- Problem details
Match on the string "clipPath" in the entries below and return every matching line.

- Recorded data
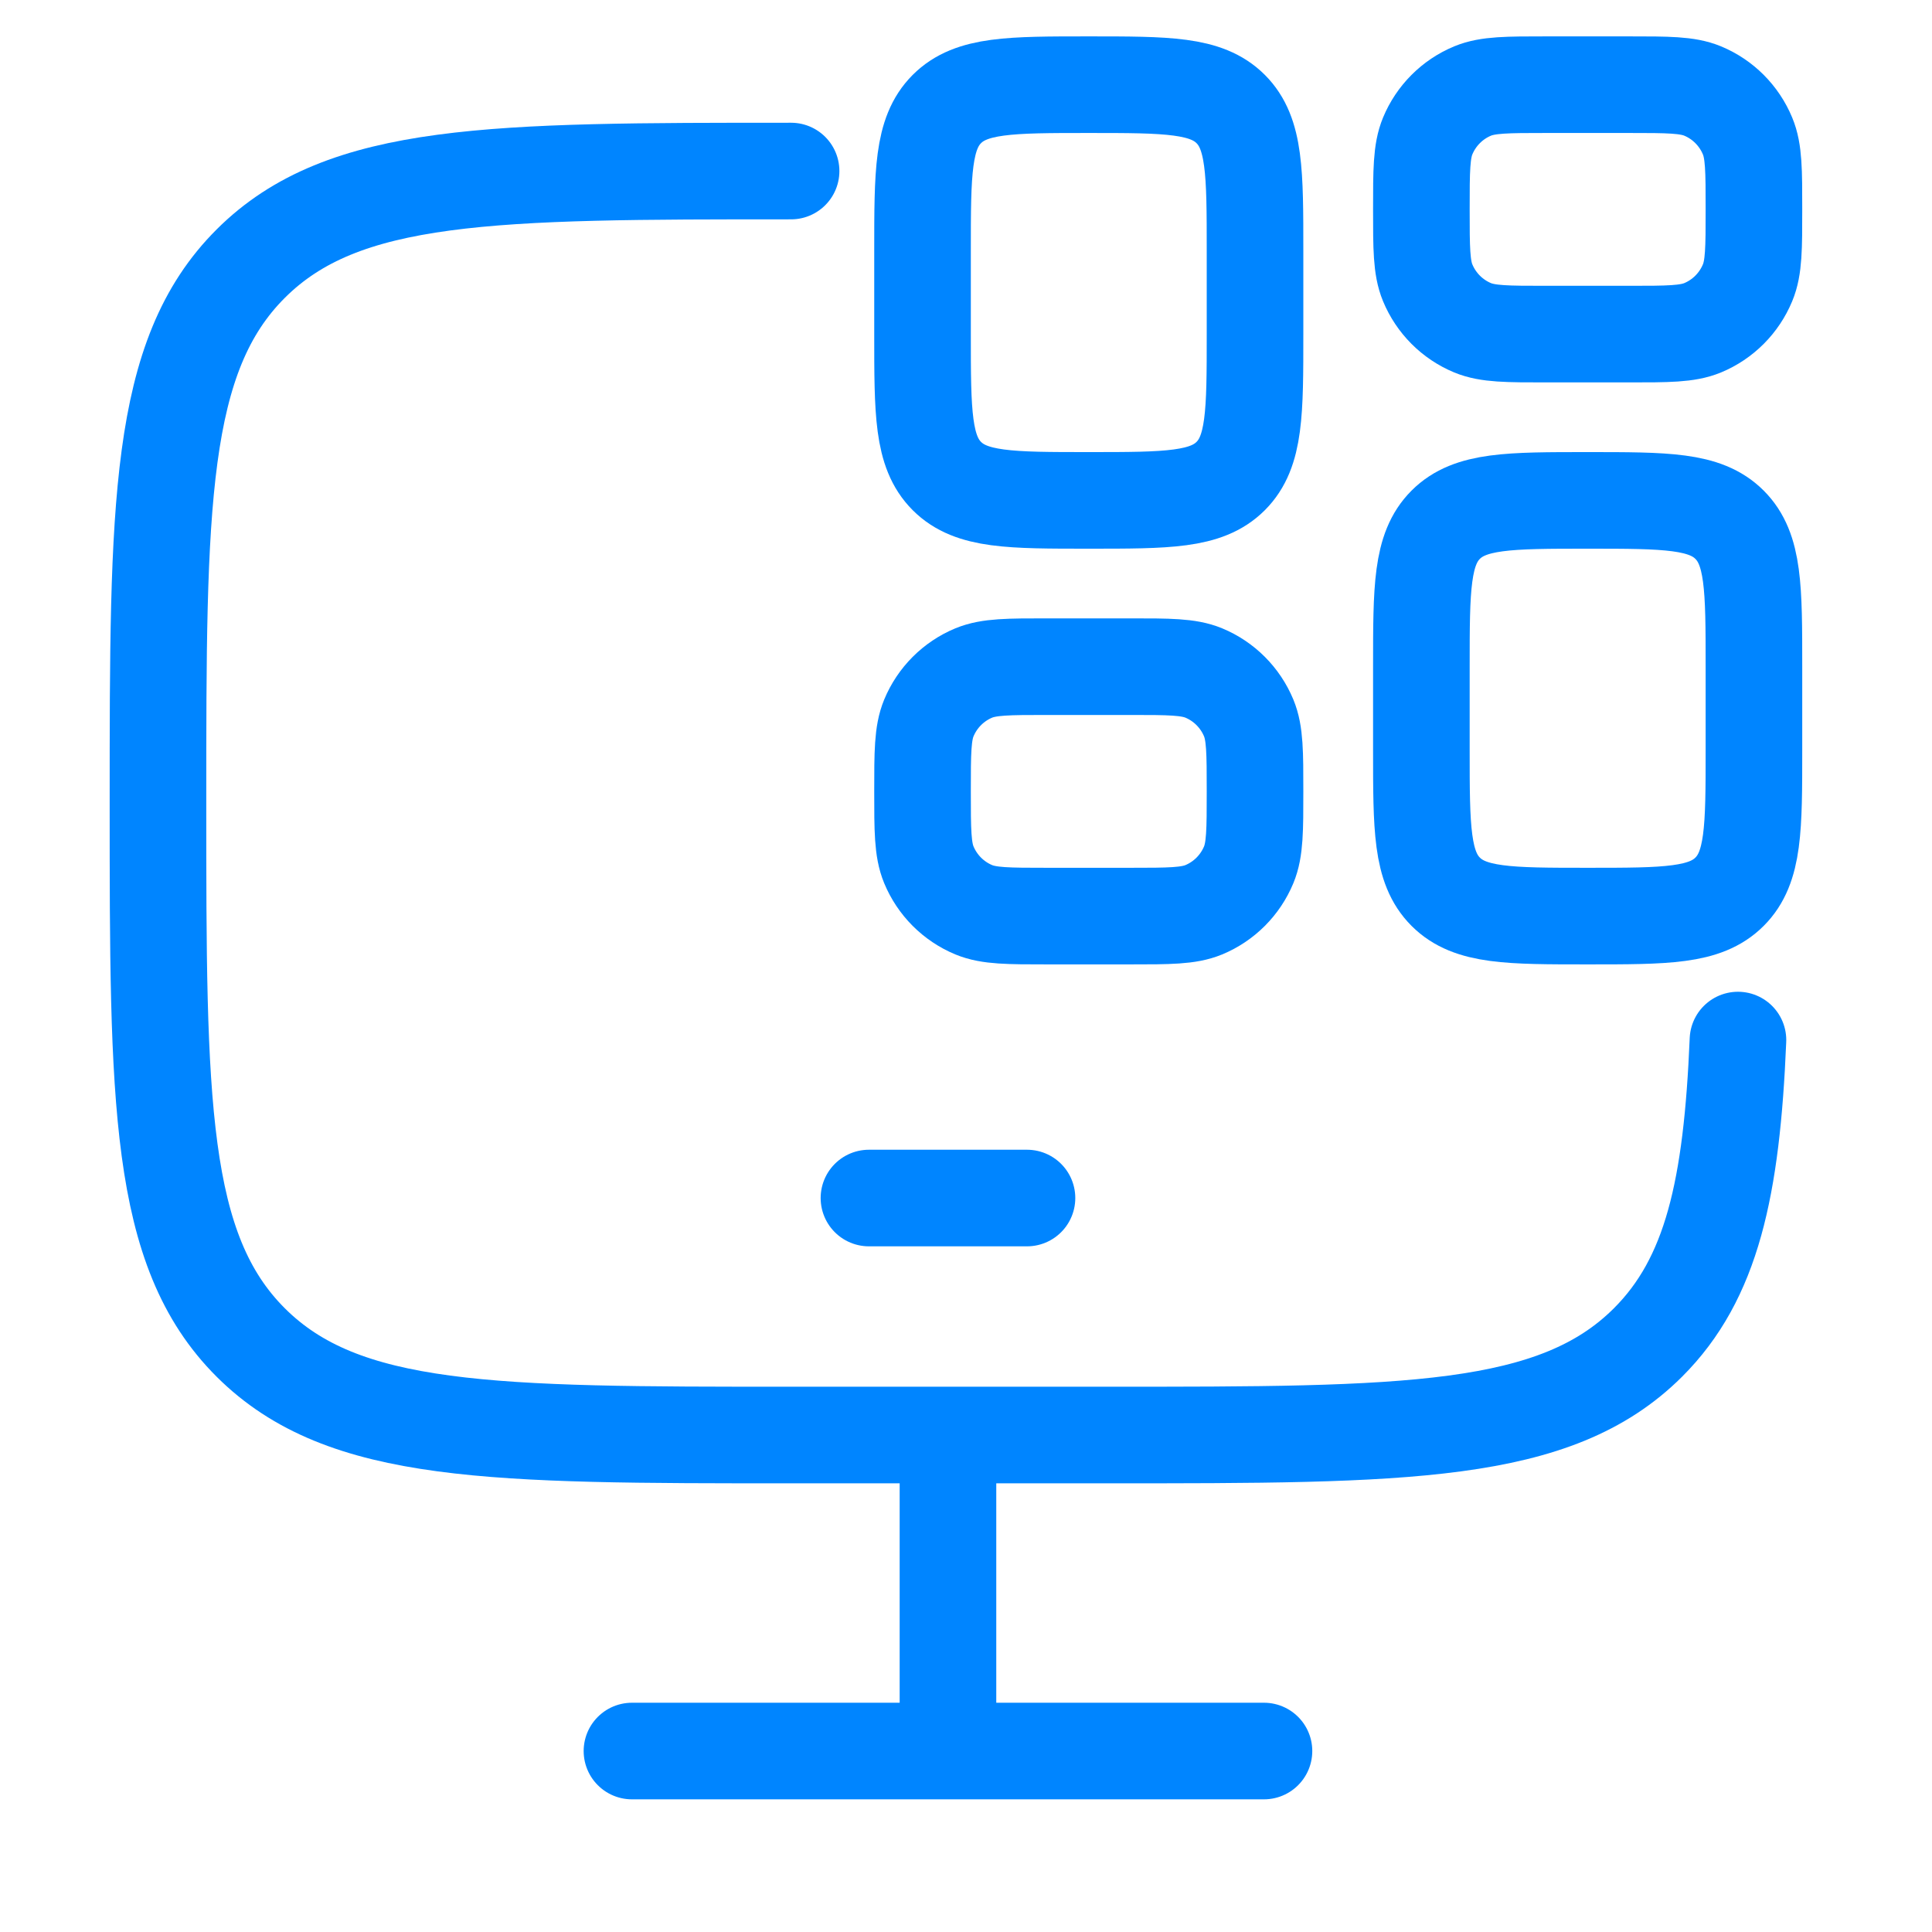 <svg width="30" height="30" viewBox="0 0 30 30" fill="none" xmlns="http://www.w3.org/2000/svg">
<g clip-path="url(#clip0_2147_1042)">
<path d="M12.284 2.656C7.65 2.656 5.333 2.656 3.893 4.094C2.453 5.531 2.453 7.844 2.453 12.47C2.453 17.096 2.453 19.409 3.893 20.846C5.333 22.283 7.65 22.283 12.284 22.283H17.199C21.833 22.283 24.15 22.283 25.59 20.846C26.583 19.855 26.891 18.447 26.987 16.15" stroke="#0085FF" stroke-width="1.5" stroke-linecap="round"/>
<path d="M14.72 22.283V27.19" stroke="#0085FF" stroke-width="1.5"/>
<path d="M9.813 27.19H19.627" stroke="#0085FF" stroke-width="1.5" stroke-linecap="round"/>
<path d="M13.493 18.603H15.947" stroke="#0085FF" stroke-width="1.5" stroke-linecap="round" stroke-linejoin="round"/>
<path d="M14.325 3.897C14.325 2.68 14.325 2.071 14.703 1.693C15.081 1.315 15.689 1.315 16.907 1.315C18.124 1.315 18.732 1.315 19.11 1.693C19.488 2.071 19.488 2.68 19.488 3.897V5.188C19.488 6.405 19.488 7.014 19.11 7.392C18.732 7.77 18.124 7.77 16.907 7.77C15.689 7.77 15.081 7.77 14.703 7.392C14.325 7.014 14.325 6.405 14.325 5.188V3.897Z" stroke="#0085FF" stroke-width="1.5"/>
<path d="M14.325 12.288C14.325 11.687 14.325 11.386 14.423 11.149C14.554 10.833 14.805 10.581 15.121 10.45C15.359 10.352 15.659 10.352 16.261 10.352H17.552C18.154 10.352 18.454 10.352 18.692 10.45C19.008 10.581 19.259 10.833 19.39 11.149C19.488 11.386 19.488 11.687 19.488 12.288C19.488 12.89 19.488 13.191 19.39 13.428C19.259 13.744 19.008 13.996 18.692 14.127C18.454 14.225 18.154 14.225 17.552 14.225H16.261C15.659 14.225 15.359 14.225 15.121 14.127C14.805 13.996 14.554 13.744 14.423 13.428C14.325 13.191 14.325 12.89 14.325 12.288Z" stroke="#0085FF" stroke-width="1.5"/>
<path d="M22.071 10.352C22.071 9.135 22.071 8.526 22.449 8.148C22.827 7.77 23.435 7.77 24.653 7.77C25.87 7.77 26.478 7.77 26.856 8.148C27.235 8.526 27.235 9.135 27.235 10.352V11.643C27.235 12.86 27.235 13.469 26.856 13.847C26.478 14.225 25.87 14.225 24.653 14.225C23.435 14.225 22.827 14.225 22.449 13.847C22.071 13.469 22.071 12.86 22.071 11.643V10.352Z" stroke="#0085FF" stroke-width="1.5"/>
<path d="M22.071 3.251C22.071 2.65 22.071 2.349 22.169 2.112C22.3 1.796 22.551 1.544 22.867 1.413C23.105 1.315 23.405 1.315 24.007 1.315H25.298C25.9 1.315 26.2 1.315 26.438 1.413C26.754 1.544 27.005 1.796 27.136 2.112C27.235 2.349 27.235 2.65 27.235 3.251C27.235 3.853 27.235 4.154 27.136 4.391C27.005 4.707 26.754 4.959 26.438 5.09C26.2 5.188 25.9 5.188 25.298 5.188H24.007C23.405 5.188 23.105 5.188 22.867 5.09C22.551 4.959 22.3 4.707 22.169 4.391C22.071 4.154 22.071 3.853 22.071 3.251Z" stroke="#0085FF" stroke-width="1.5"/>
</g>
<defs>
<clipPath id="clip0_2147_1042">
<rect width="29.44" height="29.44" fill="white" transform="translate(0 0.203)"/>
</clipPath>
</defs>
</svg>

- Output for this exercise
<clipPath id="clip0_2147_1042">
</clipPath>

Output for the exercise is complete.